> [Assigned task] Of the lines below, write out exactly those from the line with "Q: How is the paragraph aligned? A: Centered." through the line with "Q: x-height? A: Large.", both included, and skip the rest.

> [Supplied records]
= = =
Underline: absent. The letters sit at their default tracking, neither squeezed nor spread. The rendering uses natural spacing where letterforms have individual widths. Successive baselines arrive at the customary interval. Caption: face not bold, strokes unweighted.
= = =
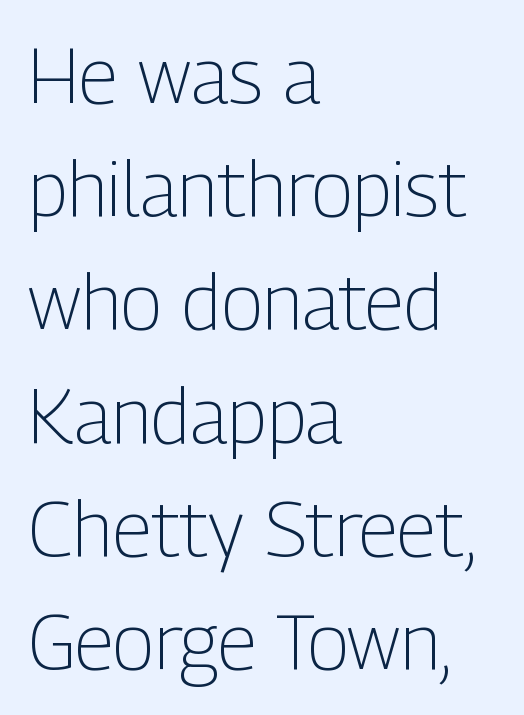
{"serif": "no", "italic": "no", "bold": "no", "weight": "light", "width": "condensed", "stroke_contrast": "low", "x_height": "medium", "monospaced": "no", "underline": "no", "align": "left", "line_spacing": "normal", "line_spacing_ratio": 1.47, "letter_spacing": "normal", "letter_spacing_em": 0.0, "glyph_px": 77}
= = =
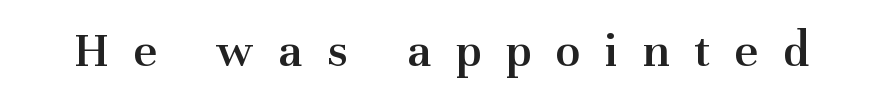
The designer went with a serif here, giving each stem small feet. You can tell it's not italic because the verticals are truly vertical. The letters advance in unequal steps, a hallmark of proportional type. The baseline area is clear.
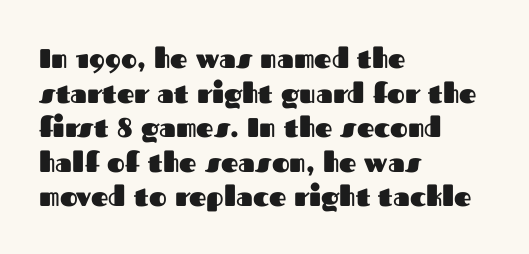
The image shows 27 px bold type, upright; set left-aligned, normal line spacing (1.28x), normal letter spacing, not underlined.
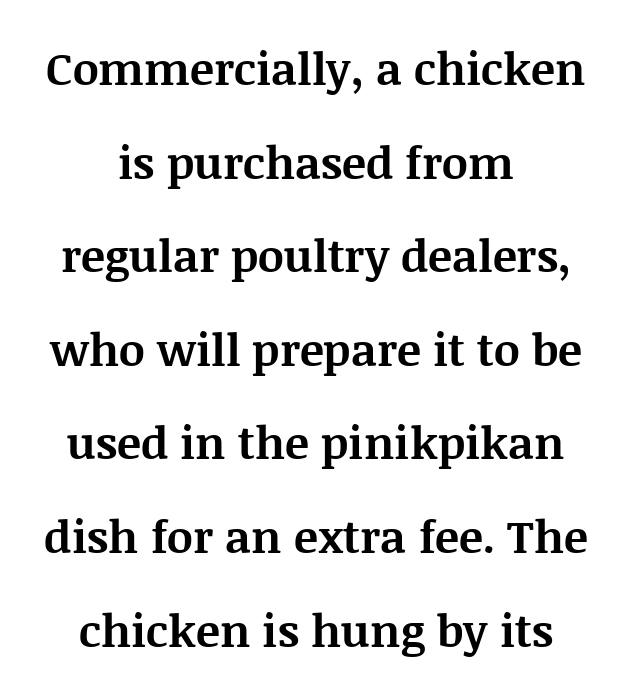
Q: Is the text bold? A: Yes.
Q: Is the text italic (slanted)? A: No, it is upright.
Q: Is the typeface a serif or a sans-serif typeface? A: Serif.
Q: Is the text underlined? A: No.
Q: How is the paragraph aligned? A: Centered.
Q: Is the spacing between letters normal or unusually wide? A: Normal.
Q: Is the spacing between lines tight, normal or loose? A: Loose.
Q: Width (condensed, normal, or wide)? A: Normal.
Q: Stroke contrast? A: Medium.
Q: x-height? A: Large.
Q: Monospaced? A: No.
= = =
> [Finished exercise]
Q: How is the paragraph aligned? A: Centered.
Q: Is the spacing between letters normal or unusually wide? A: Normal.
Q: Is the spacing between lines tight, normal or loose? A: Loose.
Q: Width (condensed, normal, or wide)? A: Normal.
Q: Stroke contrast? A: Medium.
Q: x-height? A: Large.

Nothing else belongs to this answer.